Malone está ahí. De su mortal vivacidad quedan pocos rastros. Pasa ante mí por intervalos sin duda regulares, a menos que sea yo el que pasa ante él. No, de una vez por todas, ya no me muevo. Él pasa, inmóvil. Pero se tratará poco de Malone, del que ya no hay nada que esperar. Personalmente no tengo intención de aburrirme. Al verlo a él es cuando me he preguntado si proyectamos una sombra. Imposible saberlo.
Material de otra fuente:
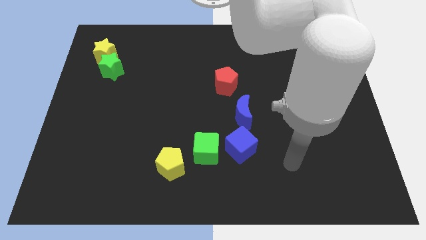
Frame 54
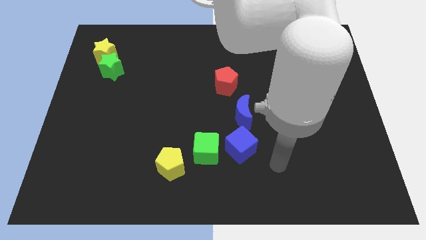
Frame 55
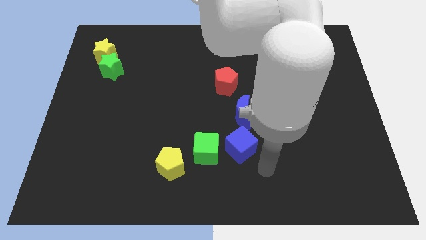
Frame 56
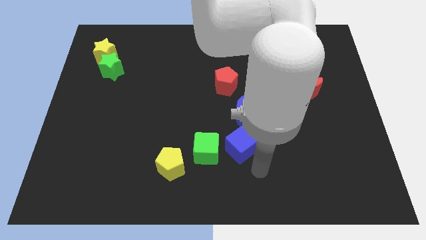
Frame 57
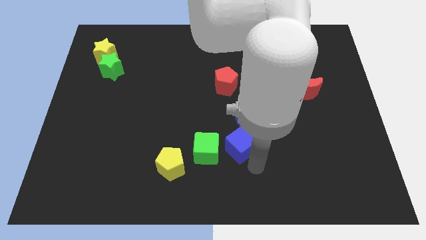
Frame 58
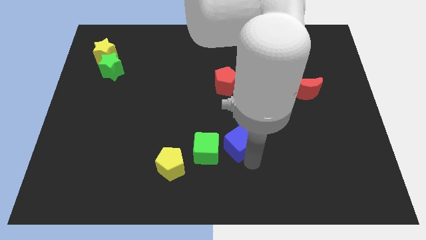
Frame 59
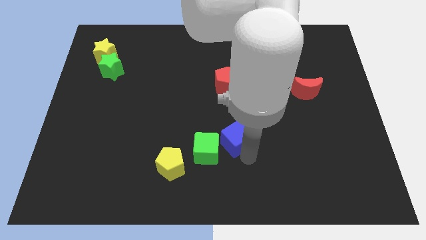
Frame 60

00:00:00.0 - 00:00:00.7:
put the blue cube to the middle

Él pasa junto a mí, a unos cuantos pies, lentamente, siempre en el mismo sentido. Estoy muy seguro de que es él. Ese sombrero sin alas me parece concluyente. Se aguanta la mandíbula con las dos manos. Pasa sin dirigirme la palabra. A lo mejor es que no me ve. Un día de estos lo interpelaré, diré, no sé, encontraré, cuando sea el momento. No hay días aquí, pero me sirvo de la fórmula. Le veo desde la cabeza hasta la cintura. Se acaba en la cintura, para mí. El busto está erguido. Pero ignoro si está de pie o de rodillas. Quizás esté sentado. Lo veo de perfil. A veces me digo, ¿no se tratará en realidad de Molloy? Tal vez sea Molloy que lleva el sombrero de Malone. Pero es más razonable suponer que se trata de Malone llevando su propio sombrero. Caramba, he aquí el primer objeto, el sombrero de Malone. No le veo otras prendas. En cuanto a Molloy, acaso no esté aquí. ¿Podría estarlo si quisiera yo? El lugar es vasto, sin duda. Débiles luces parecen indicar por momentos una especie de lejanía. A decir verdad, los creo a todos aquí, al menos a partir de Murphy, nos creo a todos aquí, pero hasta el momento no he visto más que a Malone. Otra hipótesis: ellos estuvieron aquí, pero ya no están. Voy a examinarla, a mi modo. ¿Hay otros fondos, más abajo? ¿Unos fondos a los que se llega por éste? Estúpida obsesión de la profundidad. ¿Hay otros lugares previstos para nosotros, de los cuales éste en el que estoy no es más que el pórtico? Y yo que creía haber acabado con los períodos de prueba. No, no, sé que todos estamos aquí para siempre, desde siempre.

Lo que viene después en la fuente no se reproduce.